Tuesday, August 12, 2014

Trailer Park Tuesday: The World According to Garp, RIP Robin Williams


Welcome to Trailer Park Tuesday, a showcase of new book trailers and, in a few cases, previews of book-related movies.

"T. S. Garp, huh?  What does the 'T. S.' stand for?"

Throughout the 1982 movie The World According to Garp, the question is answered several different ways: "Terribly Shy," "Terribly Sexy," and "Terribly Sad."

Today, like the rest of my generation who grew up holding out split fingers and saying, "Na-nu, na-nu," I'm Terribly Sad.  News of Robin Williams' death punched the wind out of my sails when I saw the email alert last night.  The words "Comedian Robin Williams found dead" just didn't make sense.  As Tom Shales noted in his tribute at The Daily Beast, "On television, the death on Monday of actor and comedian Robin Williams was hyped as 'Breaking News,' but they could justifiably have filed it under 'heartbreaking news' as well."  Though Williams' career had its peaks and valleys (perhaps too many valleys for a man of his gifts), the best years were his early ones.  In the late 1970s, when Robin Williams was unleashed on the world (in his stand-up comedy acts, the Mork and Mindy series, and even the under-appreciated movie Popeye), it was as if a furnace door had opened and we were caught in the blast of his improvisational heat.  He was a manic tornado of language and jokes--some of them sticking, some missing--in routines that literally left me breathless.  Words whipped past our ears at Tasmanian Devil speed; good luck catching all of them.

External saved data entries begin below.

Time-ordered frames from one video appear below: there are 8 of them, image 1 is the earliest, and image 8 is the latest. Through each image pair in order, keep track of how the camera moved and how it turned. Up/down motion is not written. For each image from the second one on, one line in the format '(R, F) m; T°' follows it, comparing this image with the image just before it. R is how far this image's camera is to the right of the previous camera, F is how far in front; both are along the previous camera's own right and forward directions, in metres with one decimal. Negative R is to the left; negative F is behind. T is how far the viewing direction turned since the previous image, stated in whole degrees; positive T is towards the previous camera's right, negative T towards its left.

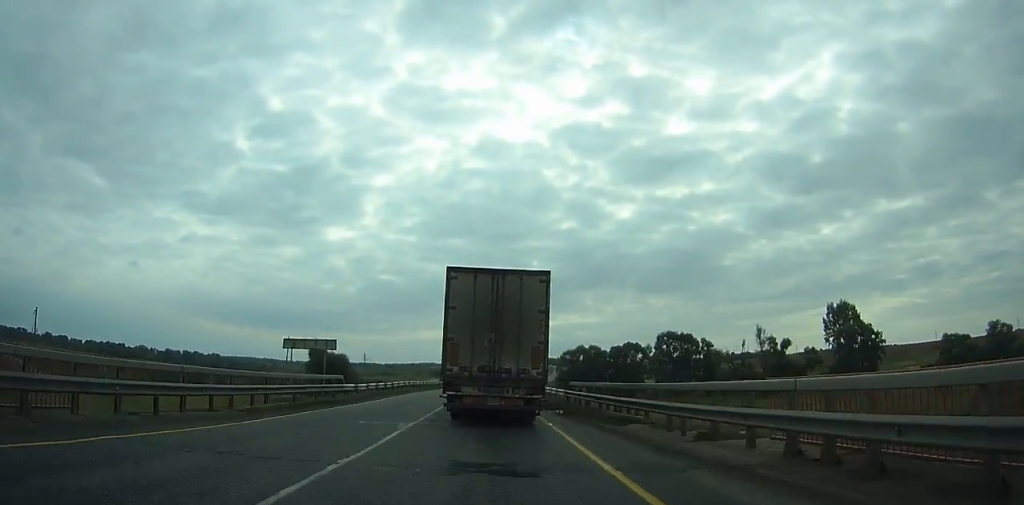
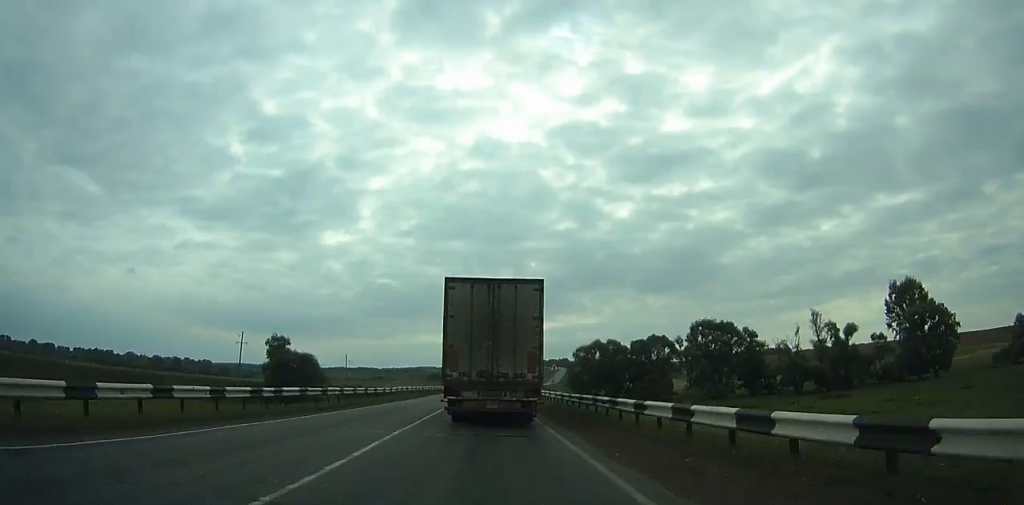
(0.0, +37.8) m; 0°
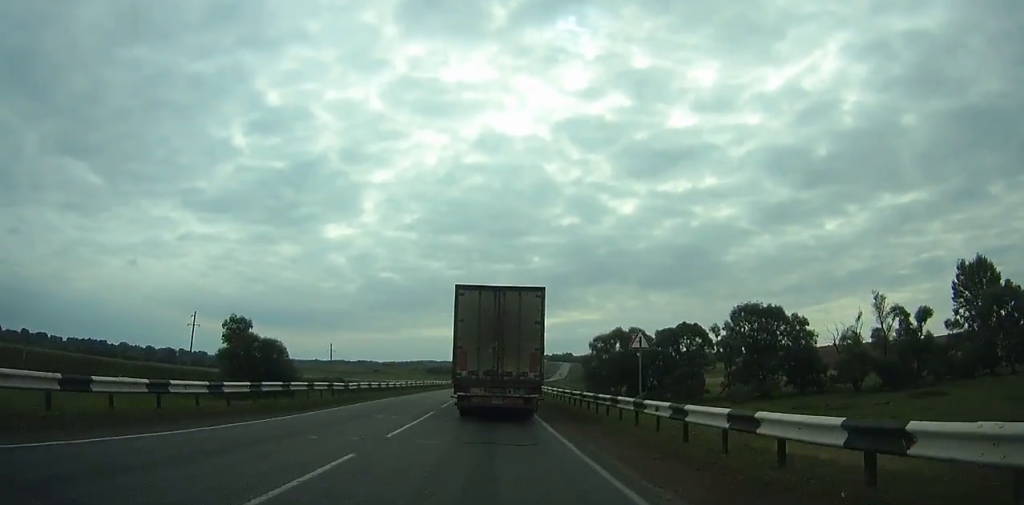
(0.0, +30.1) m; 0°
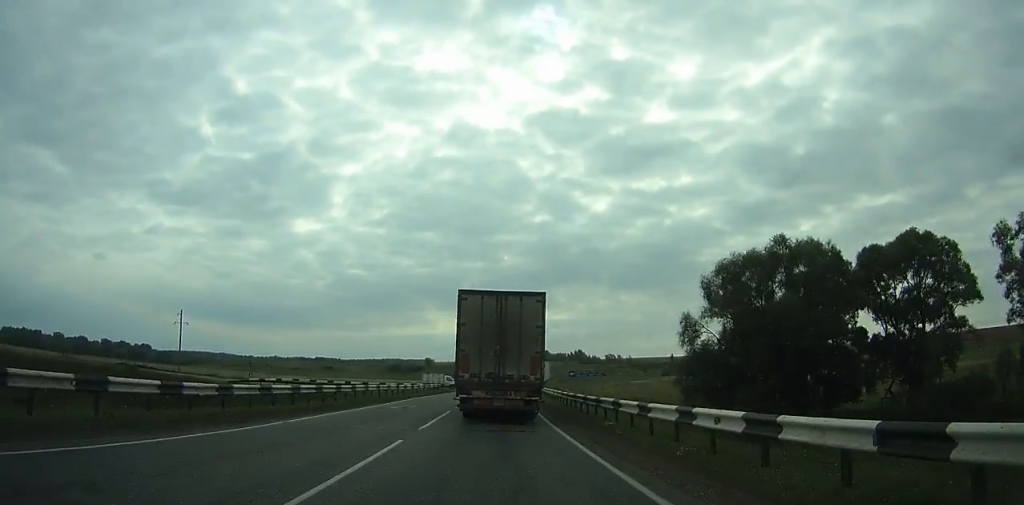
(+1.2, +102.8) m; +2°
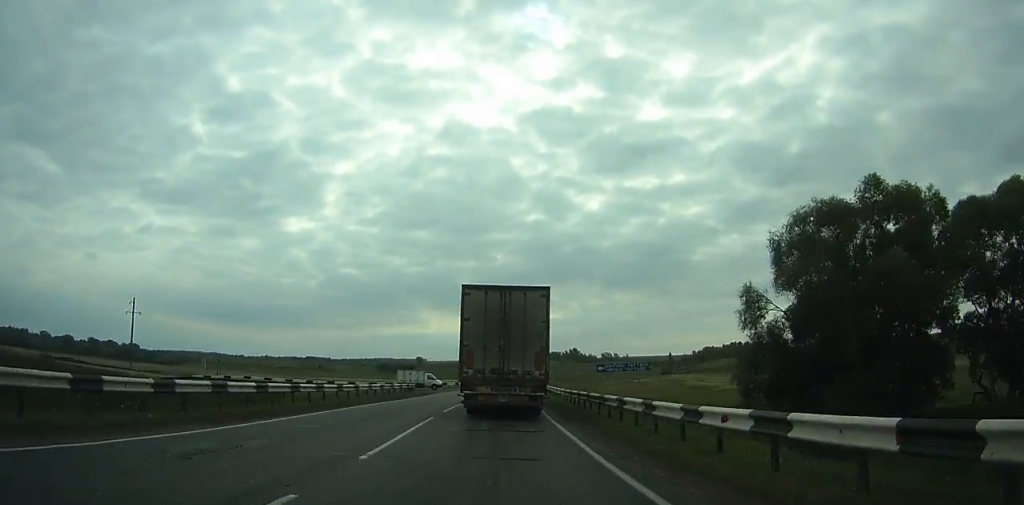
(0.0, +17.7) m; +1°
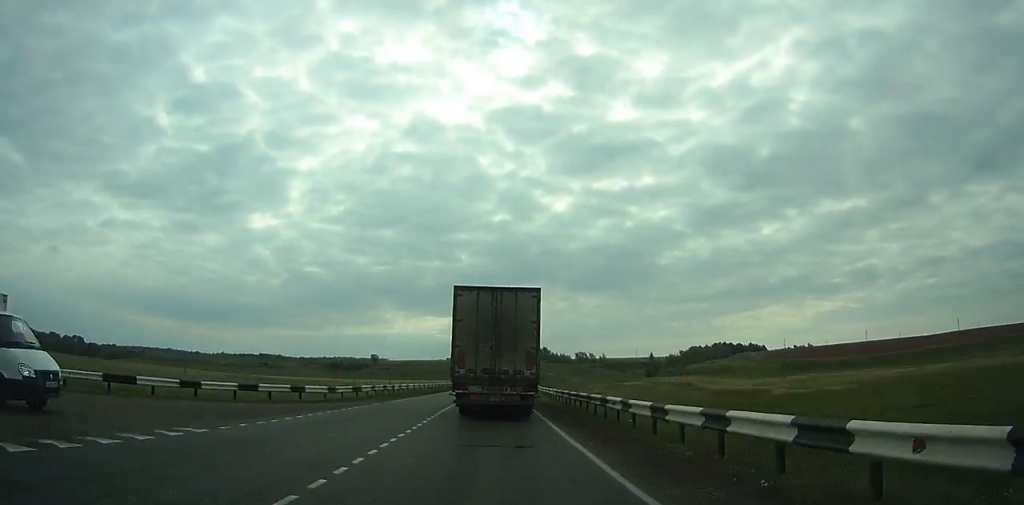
(+1.8, +63.2) m; +3°
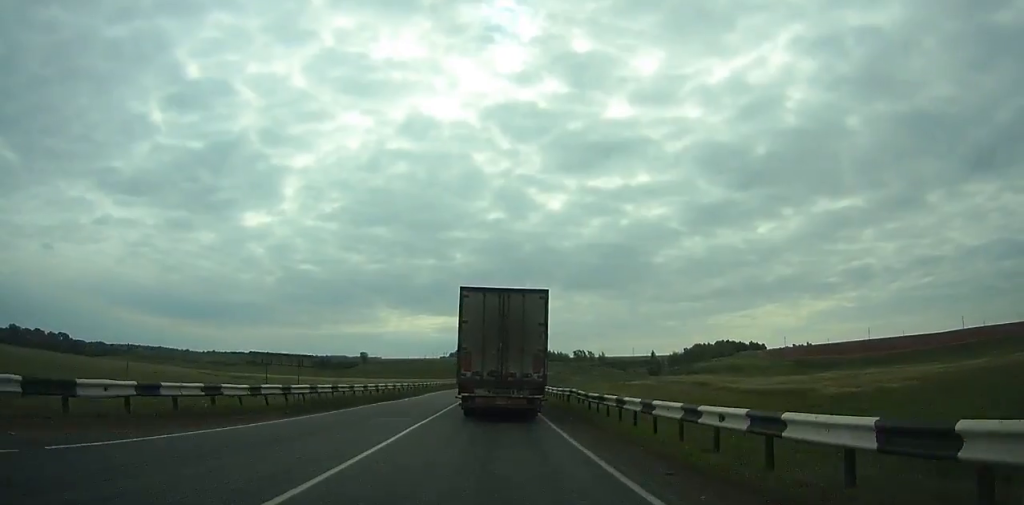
(+0.3, +24.4) m; +1°
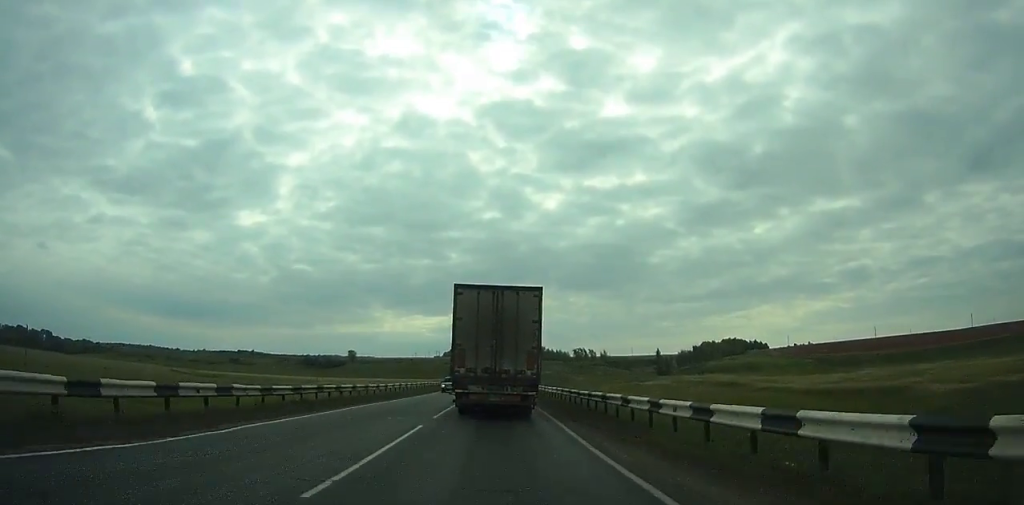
(+0.3, +32.5) m; +1°

He dialed down the comedy a little bit for the big-screen treatment of John Irving's novel The World According to Garp, but he channeled the leftover energy into the dramatic side of T. S. Garp, a writer living in the shadow of his overbearing mother (Glenn Close).  The humor in both the movie and the book is dark...but delicious.  This may not be Robin Williams' best performances; but for me, it's one of the most memorable.  I can still remember when and where I was when I saw it for the first time: September 1982 in a Laramie, Wyoming movie theater.  As the movie opens, we see a baby being tossed in the air as The Beatles' "When I'm Sixty-Four" plays in the background.  Robin Williams died at 63--caught, perhaps, in the dark anxiety Garp calls "the Under Toad."

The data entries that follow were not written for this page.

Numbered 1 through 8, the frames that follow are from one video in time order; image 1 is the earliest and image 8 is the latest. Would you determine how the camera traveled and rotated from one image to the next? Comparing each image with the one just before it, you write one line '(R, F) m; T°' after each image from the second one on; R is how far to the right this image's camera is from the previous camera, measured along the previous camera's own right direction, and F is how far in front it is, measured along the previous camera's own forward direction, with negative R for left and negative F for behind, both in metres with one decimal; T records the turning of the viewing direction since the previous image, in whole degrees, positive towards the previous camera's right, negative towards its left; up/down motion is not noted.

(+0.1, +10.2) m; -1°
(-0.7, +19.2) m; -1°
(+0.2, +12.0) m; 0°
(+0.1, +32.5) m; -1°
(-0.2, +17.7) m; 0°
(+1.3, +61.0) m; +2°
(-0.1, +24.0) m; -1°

Today, while others remember Robin Williams with clips from movies like The Dead Poets Society, Good Will Hunting, Mrs. Doubtfire and Good, Morning Vietnam (all good performances), I thought I'd pay tribute to him with the trailer and some clips from Garp--even though watching them makes me Terribly Sad.

The trailer:



"The chances of another plane hitting this house are astronomical.  She's been pre-disastered.  We'll be safe here."  (By the way, the pilot in this scene is the movie's director, George Roy Hill.)